There is a known particle forming process called Stop-Flow-Lithography which uses microfluidic channels and a system interface that allows starting and stopping the flow at specific times. The fluid typically contains a precursor (e.g. PEG-DA) and a photoinitiator. When the channel is filled with the solution, the flow is stopped, and a microscope objective projects a pattern of ultraviolet (UV) light into the channels to initiate local polymerization. This creates a two-dimensional (2D) shaped bulk of crosslinked polymer that becomes the particle. After polymerization, the flow is restarted, the particles are flushed out and replaced by new precursor, and the next particle is synthesized. In this Stop-Flow-Lithography technique, the creeping flow at finite Reynolds numbers, which is typical for microfluidic channels, allows leveraging properties, such as diffusion based mixing, to create arbitrary, anisotropic 2D particles with stripes or internal gradients of various properties like fluorescent dyes or controlled concentration of colloid particles.

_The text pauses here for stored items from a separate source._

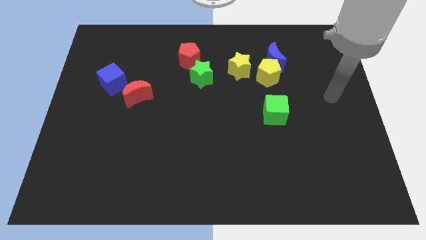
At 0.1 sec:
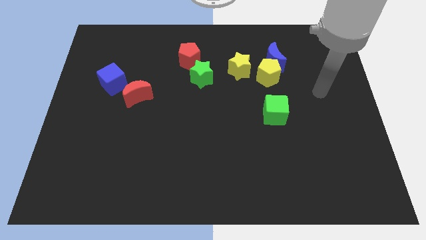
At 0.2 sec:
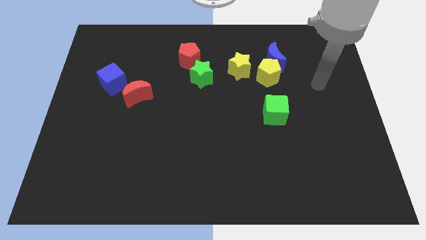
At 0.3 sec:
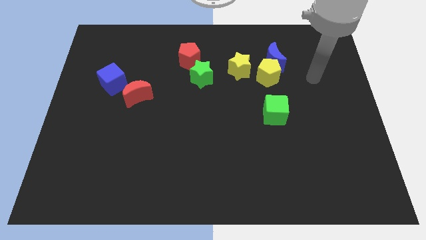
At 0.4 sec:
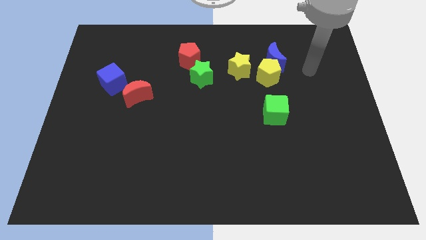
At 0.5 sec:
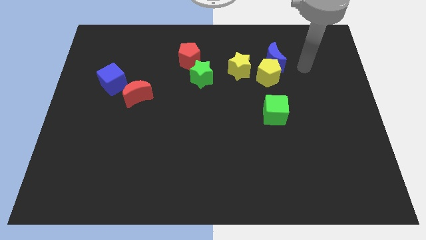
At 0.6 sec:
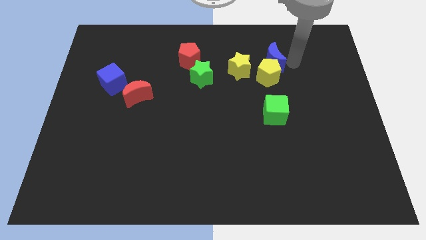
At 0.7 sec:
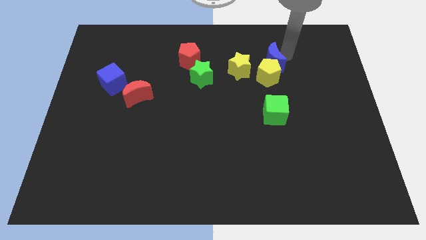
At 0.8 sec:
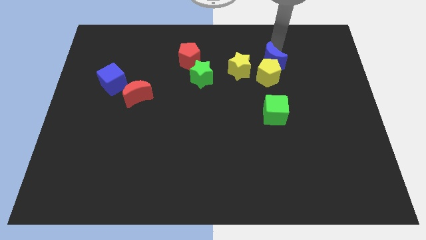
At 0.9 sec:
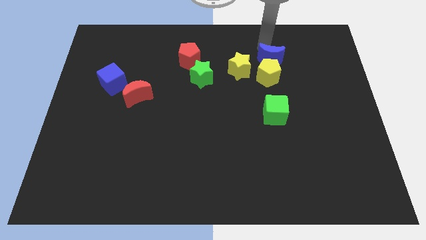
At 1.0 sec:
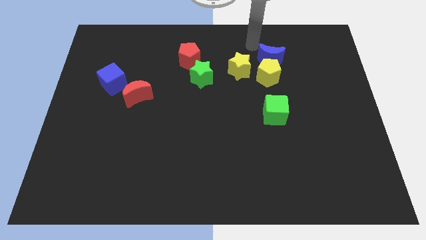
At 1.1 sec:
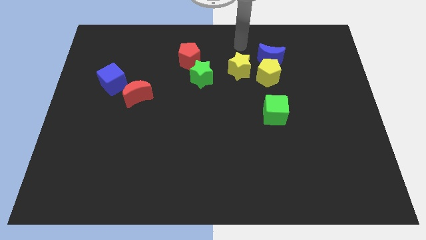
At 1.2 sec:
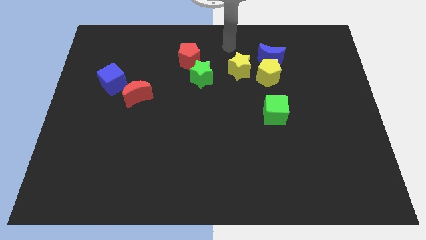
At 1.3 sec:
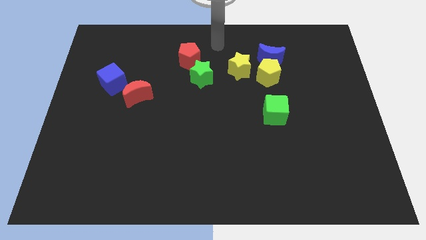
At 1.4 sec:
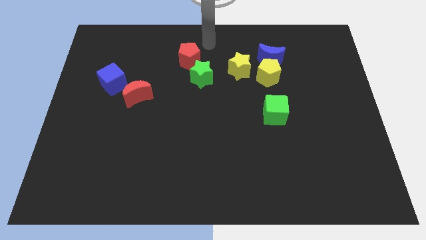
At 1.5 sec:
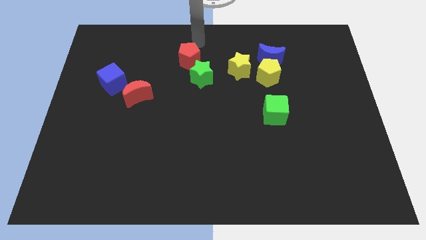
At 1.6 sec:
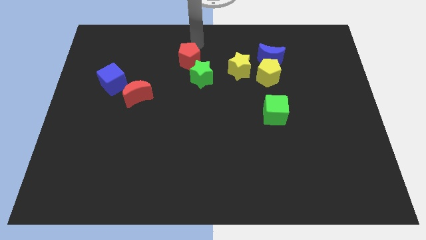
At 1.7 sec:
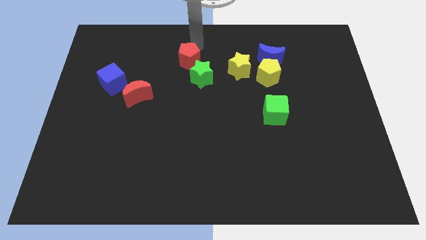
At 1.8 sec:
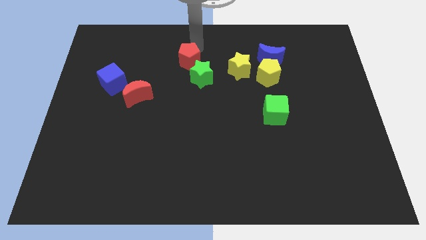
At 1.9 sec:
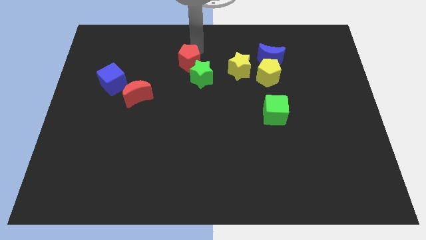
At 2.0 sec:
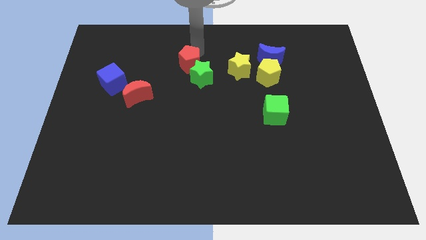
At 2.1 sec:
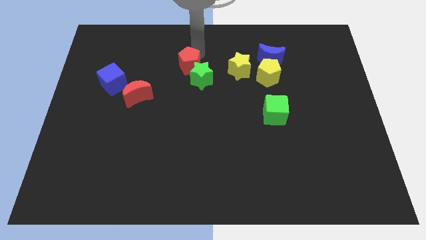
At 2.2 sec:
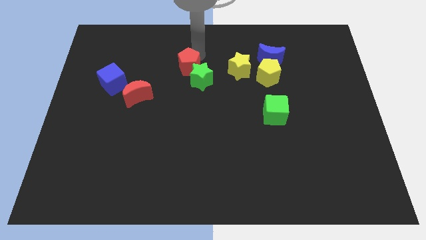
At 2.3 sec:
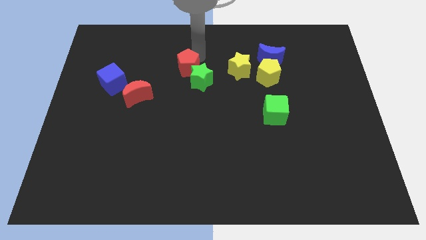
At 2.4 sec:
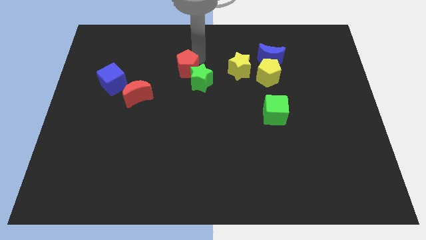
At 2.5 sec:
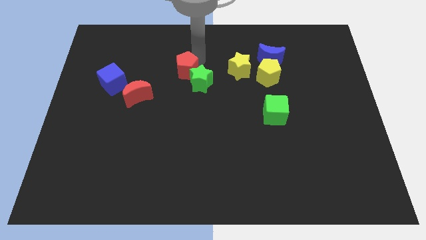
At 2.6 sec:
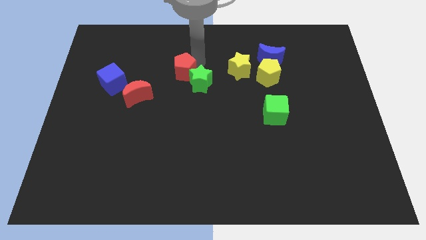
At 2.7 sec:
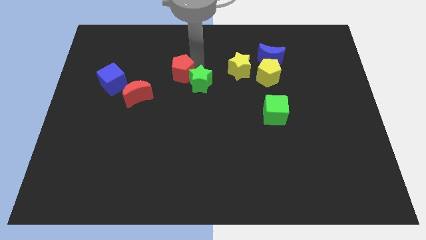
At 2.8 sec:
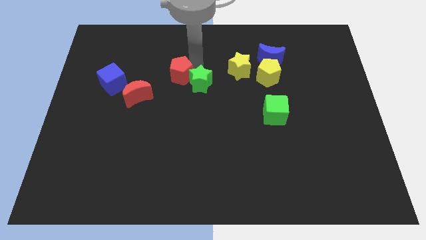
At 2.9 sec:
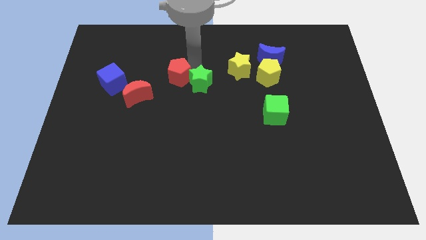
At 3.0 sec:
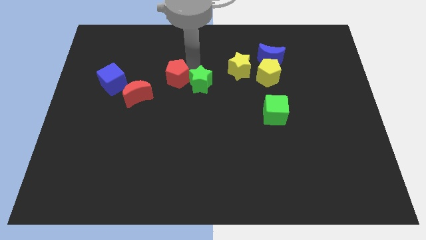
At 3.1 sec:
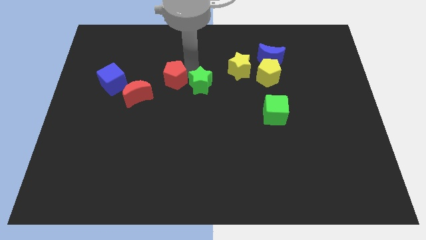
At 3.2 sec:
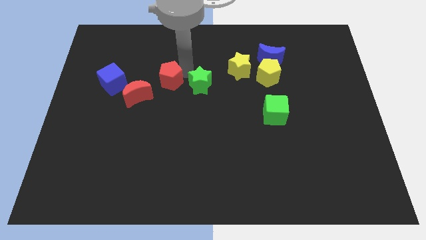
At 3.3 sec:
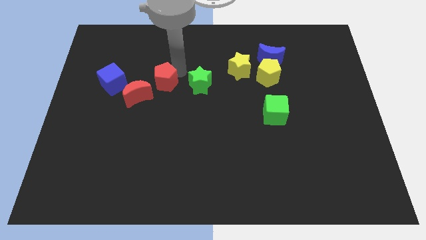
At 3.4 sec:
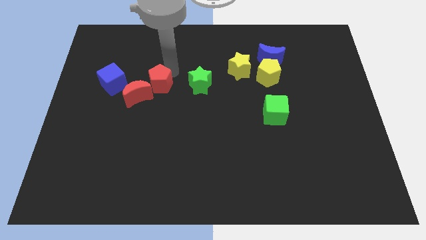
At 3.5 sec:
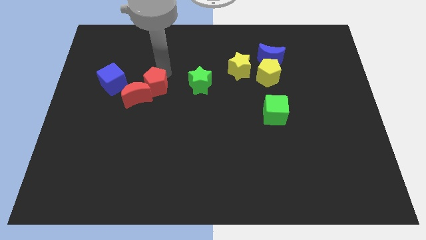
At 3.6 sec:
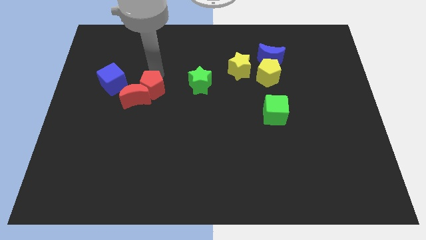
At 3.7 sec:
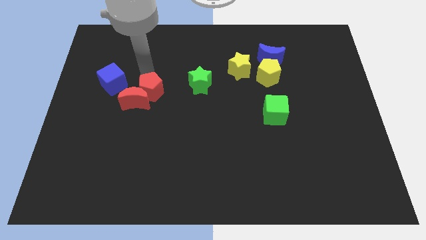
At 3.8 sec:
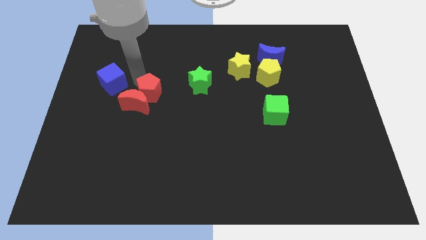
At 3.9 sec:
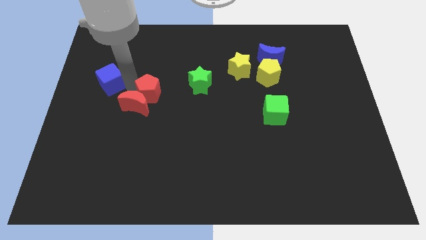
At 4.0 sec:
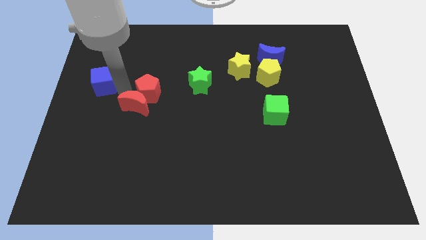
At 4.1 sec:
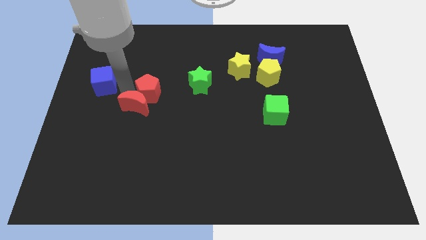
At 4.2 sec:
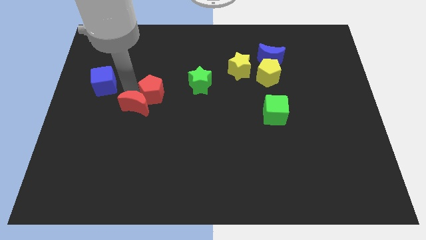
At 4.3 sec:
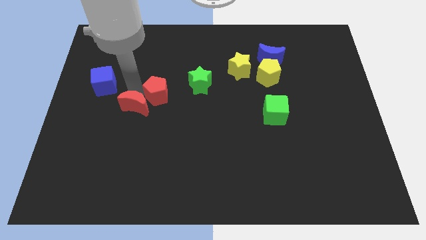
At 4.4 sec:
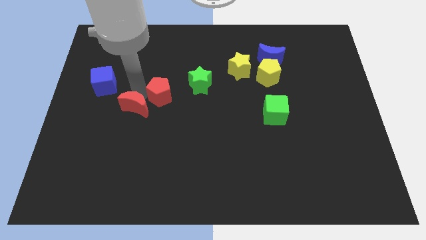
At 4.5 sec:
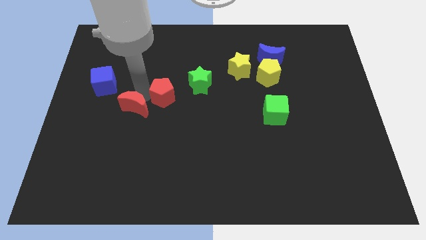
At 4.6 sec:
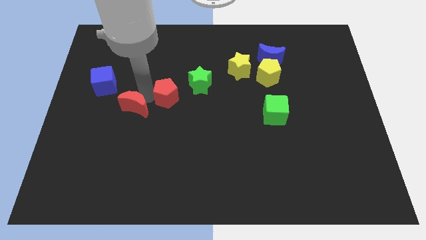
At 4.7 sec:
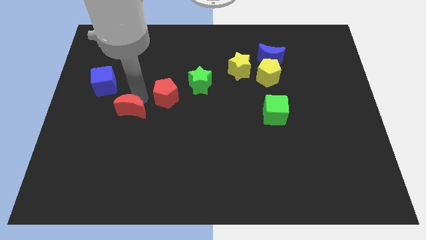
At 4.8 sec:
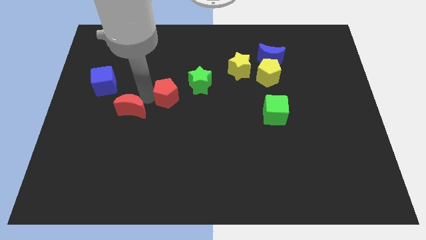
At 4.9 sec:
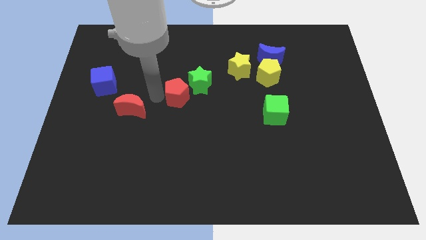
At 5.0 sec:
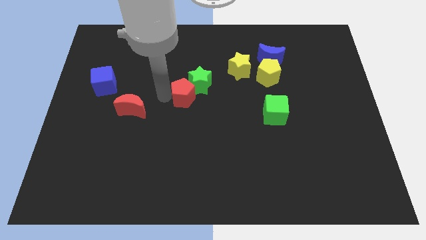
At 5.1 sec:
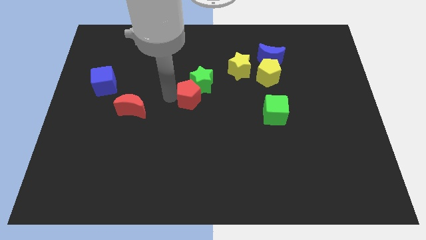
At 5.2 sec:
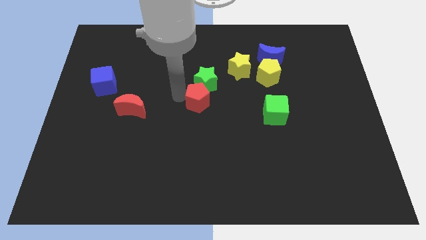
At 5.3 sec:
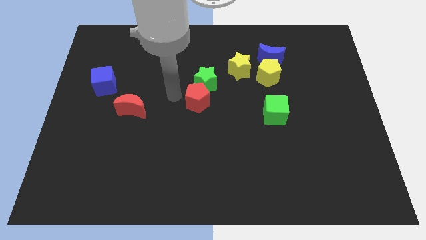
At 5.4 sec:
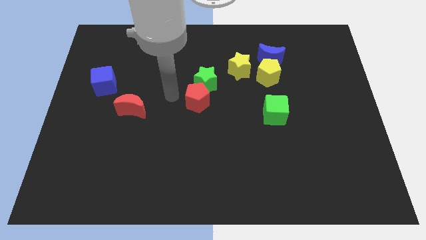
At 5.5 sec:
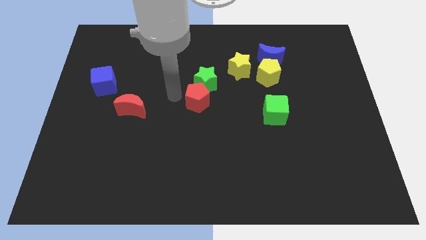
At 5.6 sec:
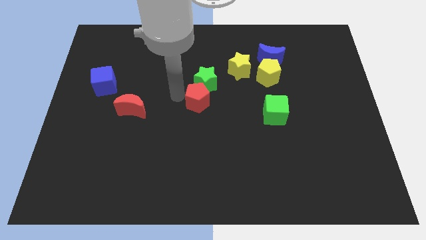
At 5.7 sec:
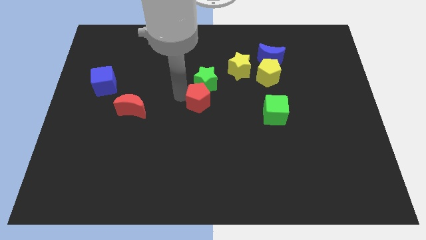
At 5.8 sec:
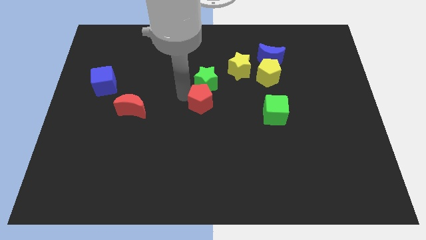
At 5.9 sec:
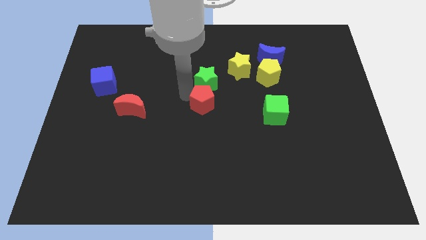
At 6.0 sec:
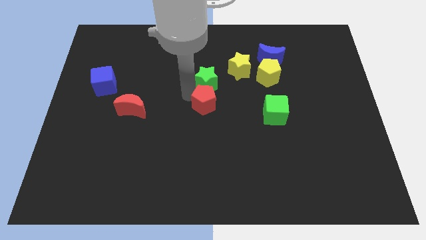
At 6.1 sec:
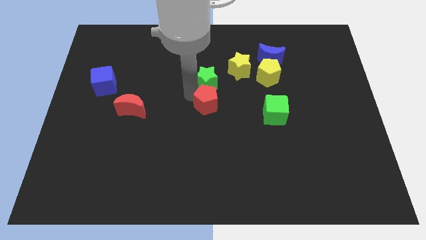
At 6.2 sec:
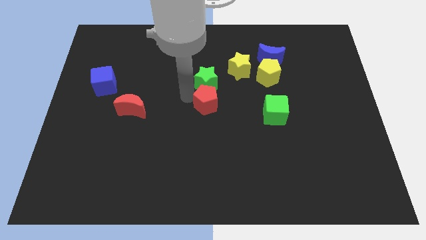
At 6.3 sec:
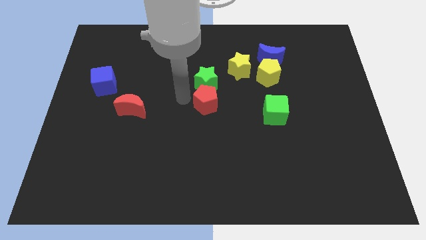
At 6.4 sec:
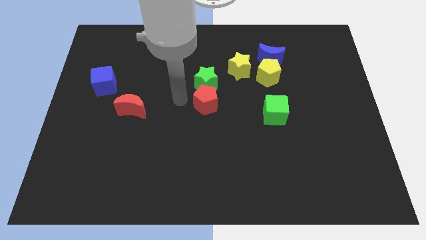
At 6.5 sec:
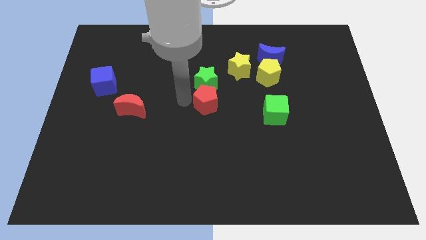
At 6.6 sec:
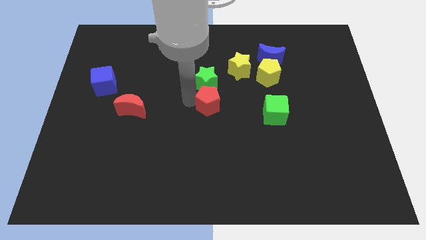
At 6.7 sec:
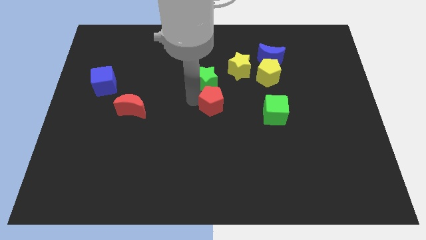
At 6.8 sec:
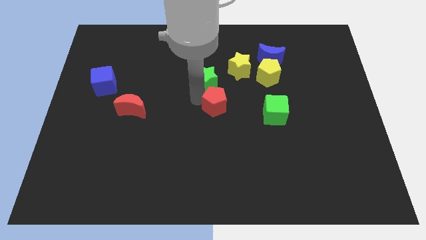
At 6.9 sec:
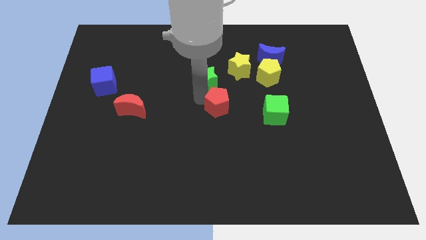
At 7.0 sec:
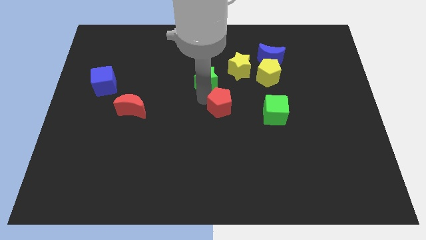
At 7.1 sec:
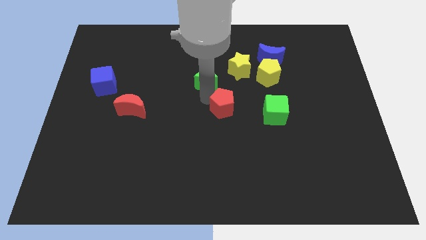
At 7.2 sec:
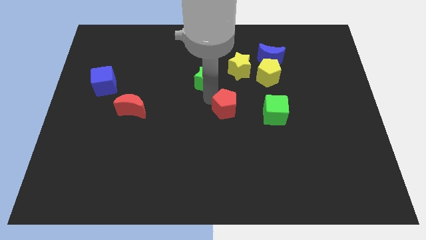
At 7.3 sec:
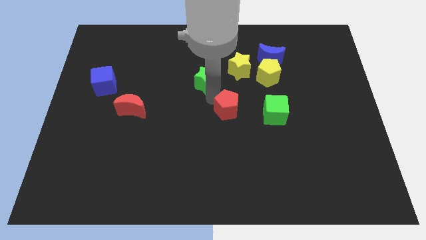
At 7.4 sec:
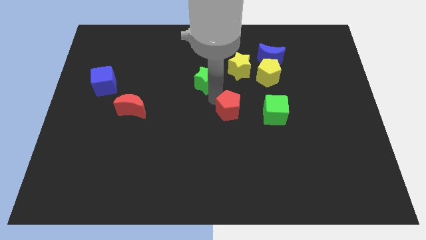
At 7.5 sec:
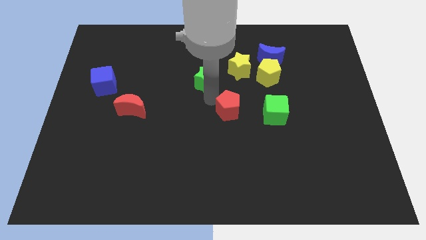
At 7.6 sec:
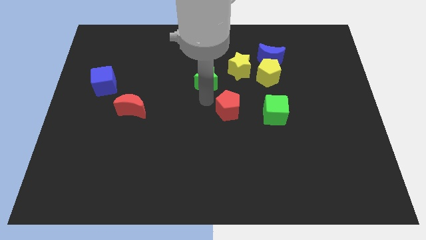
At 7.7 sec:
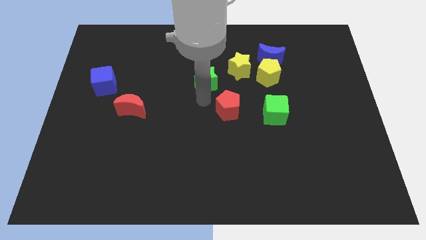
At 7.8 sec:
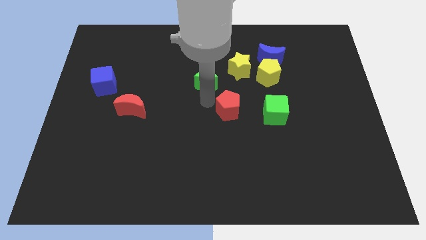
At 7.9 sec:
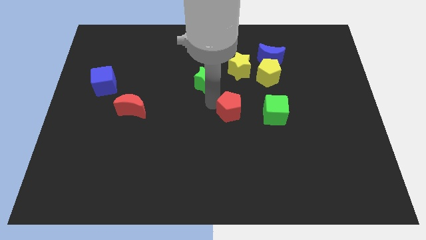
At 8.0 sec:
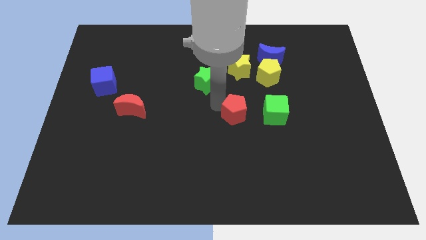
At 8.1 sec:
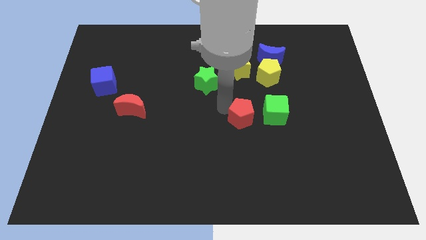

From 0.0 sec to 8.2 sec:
slide the red pentagon downwards and then right

However, it is difficult to scale the Stop-Flow-Lithography technique to an industrial setting because it relies on closed micro-channels and single microscope objectives per channel. Further, particles tend to stick to the top and bottom channel walls during polymerization. This limits its use as a continuous process.
Also, microlens arrays have been used for projection lithography, most notably in work relating to complex patterning of sub-micrometer features over large area surfaces using PDMS stamps with integrated glass microspheres as lenses.